If $f$ is continuous on $[0, \infty)$ and uniformly continuous on $[b, \infty)$ for some $b > 0$ then $f$ is unif. continuous on $[0, \infty). Prove that if $ f $ is continuous on $ \left[ 0, \infty\right)$ and uniformly  continuous on $[b, \infty)$ for some $b > 0$ then $f$ is unif. continuous on $[0, \infty)$.
So far I have: Let $A = [b, \infty)$ then $A^c = [0,b)$, my goal is to end up with a compact set from $[0,b]$ so I can use the theorem that "A function is continuous on a compact set $K$ is uniformly continuous on $K$" and then take the fact that of the preservation of connected sets. Am I going about this in the right way?
 A: The Heine-Borel theorem says that $[0,b]$ is compact.

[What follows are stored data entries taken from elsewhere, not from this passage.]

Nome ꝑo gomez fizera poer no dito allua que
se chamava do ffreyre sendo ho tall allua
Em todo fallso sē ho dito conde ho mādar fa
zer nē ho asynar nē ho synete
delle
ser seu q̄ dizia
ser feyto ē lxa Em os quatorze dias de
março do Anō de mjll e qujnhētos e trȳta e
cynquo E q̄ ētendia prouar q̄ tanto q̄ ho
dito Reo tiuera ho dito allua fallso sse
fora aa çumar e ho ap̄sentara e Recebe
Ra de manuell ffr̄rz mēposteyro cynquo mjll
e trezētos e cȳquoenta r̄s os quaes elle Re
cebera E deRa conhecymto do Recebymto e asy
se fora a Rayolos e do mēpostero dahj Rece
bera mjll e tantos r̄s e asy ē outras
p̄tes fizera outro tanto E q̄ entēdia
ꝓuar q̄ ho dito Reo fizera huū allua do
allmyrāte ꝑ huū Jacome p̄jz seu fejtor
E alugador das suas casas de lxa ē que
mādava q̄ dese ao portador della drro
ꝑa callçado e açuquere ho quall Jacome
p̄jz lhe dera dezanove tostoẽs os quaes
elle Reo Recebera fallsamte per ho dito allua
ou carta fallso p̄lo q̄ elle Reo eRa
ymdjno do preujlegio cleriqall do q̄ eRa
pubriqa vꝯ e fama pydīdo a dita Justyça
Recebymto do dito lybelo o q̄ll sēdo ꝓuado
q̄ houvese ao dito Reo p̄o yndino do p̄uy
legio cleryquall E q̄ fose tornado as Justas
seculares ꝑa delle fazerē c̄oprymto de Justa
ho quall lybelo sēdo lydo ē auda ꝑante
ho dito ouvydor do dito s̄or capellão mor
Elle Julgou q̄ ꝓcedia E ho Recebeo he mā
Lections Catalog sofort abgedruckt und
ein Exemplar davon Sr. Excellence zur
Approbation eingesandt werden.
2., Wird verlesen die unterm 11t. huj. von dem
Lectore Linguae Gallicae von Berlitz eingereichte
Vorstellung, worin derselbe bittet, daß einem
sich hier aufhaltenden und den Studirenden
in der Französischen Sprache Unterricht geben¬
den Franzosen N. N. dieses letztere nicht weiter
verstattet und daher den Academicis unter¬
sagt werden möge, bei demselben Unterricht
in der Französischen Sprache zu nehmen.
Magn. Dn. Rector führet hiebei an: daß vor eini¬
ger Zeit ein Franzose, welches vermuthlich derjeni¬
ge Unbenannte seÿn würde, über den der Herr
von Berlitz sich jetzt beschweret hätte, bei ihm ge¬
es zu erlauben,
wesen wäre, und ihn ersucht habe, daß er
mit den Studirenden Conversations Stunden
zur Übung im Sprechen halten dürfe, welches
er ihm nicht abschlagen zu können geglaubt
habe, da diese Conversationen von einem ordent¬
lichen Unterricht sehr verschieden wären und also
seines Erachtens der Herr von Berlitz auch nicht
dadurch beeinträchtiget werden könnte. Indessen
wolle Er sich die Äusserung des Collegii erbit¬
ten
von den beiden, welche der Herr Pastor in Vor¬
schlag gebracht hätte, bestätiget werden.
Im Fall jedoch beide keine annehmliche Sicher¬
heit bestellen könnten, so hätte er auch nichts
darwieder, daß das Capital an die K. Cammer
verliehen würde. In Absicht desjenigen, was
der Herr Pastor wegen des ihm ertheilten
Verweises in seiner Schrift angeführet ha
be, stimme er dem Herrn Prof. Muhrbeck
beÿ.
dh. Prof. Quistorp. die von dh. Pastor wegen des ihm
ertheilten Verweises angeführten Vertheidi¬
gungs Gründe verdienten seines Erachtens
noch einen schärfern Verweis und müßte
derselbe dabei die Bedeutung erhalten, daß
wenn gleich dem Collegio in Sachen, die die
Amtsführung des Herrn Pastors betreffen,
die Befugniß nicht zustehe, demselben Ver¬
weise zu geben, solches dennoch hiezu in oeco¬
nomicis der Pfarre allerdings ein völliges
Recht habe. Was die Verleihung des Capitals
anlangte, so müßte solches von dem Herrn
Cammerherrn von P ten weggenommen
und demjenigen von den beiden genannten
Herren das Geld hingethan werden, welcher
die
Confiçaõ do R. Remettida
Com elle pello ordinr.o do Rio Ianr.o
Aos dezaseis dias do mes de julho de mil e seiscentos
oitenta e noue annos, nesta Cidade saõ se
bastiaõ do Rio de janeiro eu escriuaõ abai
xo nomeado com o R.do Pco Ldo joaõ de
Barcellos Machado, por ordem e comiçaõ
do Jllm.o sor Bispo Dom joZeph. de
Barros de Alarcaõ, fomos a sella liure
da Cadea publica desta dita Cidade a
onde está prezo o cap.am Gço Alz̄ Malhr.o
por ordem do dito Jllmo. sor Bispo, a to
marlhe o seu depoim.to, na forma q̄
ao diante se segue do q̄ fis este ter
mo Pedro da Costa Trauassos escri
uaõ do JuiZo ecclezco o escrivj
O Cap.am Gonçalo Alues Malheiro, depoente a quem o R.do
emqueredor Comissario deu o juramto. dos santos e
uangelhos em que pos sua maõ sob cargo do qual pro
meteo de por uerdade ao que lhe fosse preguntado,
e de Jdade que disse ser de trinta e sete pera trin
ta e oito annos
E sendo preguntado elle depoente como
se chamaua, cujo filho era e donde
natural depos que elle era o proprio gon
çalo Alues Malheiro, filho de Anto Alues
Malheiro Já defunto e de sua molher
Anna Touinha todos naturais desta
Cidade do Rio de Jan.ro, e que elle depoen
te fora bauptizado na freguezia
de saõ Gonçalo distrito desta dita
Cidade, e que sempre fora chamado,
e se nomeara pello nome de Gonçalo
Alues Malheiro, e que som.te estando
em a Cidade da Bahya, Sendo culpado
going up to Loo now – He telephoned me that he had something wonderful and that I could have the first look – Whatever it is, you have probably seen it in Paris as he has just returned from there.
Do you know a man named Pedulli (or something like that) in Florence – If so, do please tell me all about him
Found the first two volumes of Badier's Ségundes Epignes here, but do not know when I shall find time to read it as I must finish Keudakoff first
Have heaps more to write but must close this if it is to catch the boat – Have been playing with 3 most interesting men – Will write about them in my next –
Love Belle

So, $f$ continuous on $[0,b]$ implies that it is also uniformally continuous there. 
By hypothesis, $f$ is uniformally continuous on $[b,\infty)$. So if you are given an $\epsilon > 0$ you can find the appropriate $\delta_1$ and $\delta_2$ given by uniform continuity on regions $[0,b]$ and $[b,\infty)$ for the value $\epsilon /2$. Then if $\delta$ is the minimum of these two values, $|x-x'| < \delta$ implies that $|f(x)-f(x')| < \epsilon$ for any $x,x'$ in $[0,\infty)$. 
A: A continuous function on a compact set is uniformly continuous.  Since $f$ is uniformly continuous on $[0, b]$ and uniformly continuous on $[b, \infty)$, it is uniformly continuous on $[0, \infty)$.  
To see that it is uniformly continuous, let $\epsilon > 0$.   We can find $\delta_1, \delta_2 > 0$ such that $|x - y| < \delta_1, \delta_2$ implies $|f(x) - f(y)| < \epsilon$ for $x, y \in [0, b]$ and $x, y \in [b, \infty)$ respectively.  Set $\delta = \min\{\delta_1, \delta_2\}$.  Then for any $x \in [0, b]$ and $y \in [b, \infty)$, if $|x - y| < \delta$ then
$$|f(x) - f(y)| < |f(x) - f(b)| + |f(b) - f(y)| < 2\epsilon$$
Since $\epsilon > 0$ was arbitrary, this completes the proof.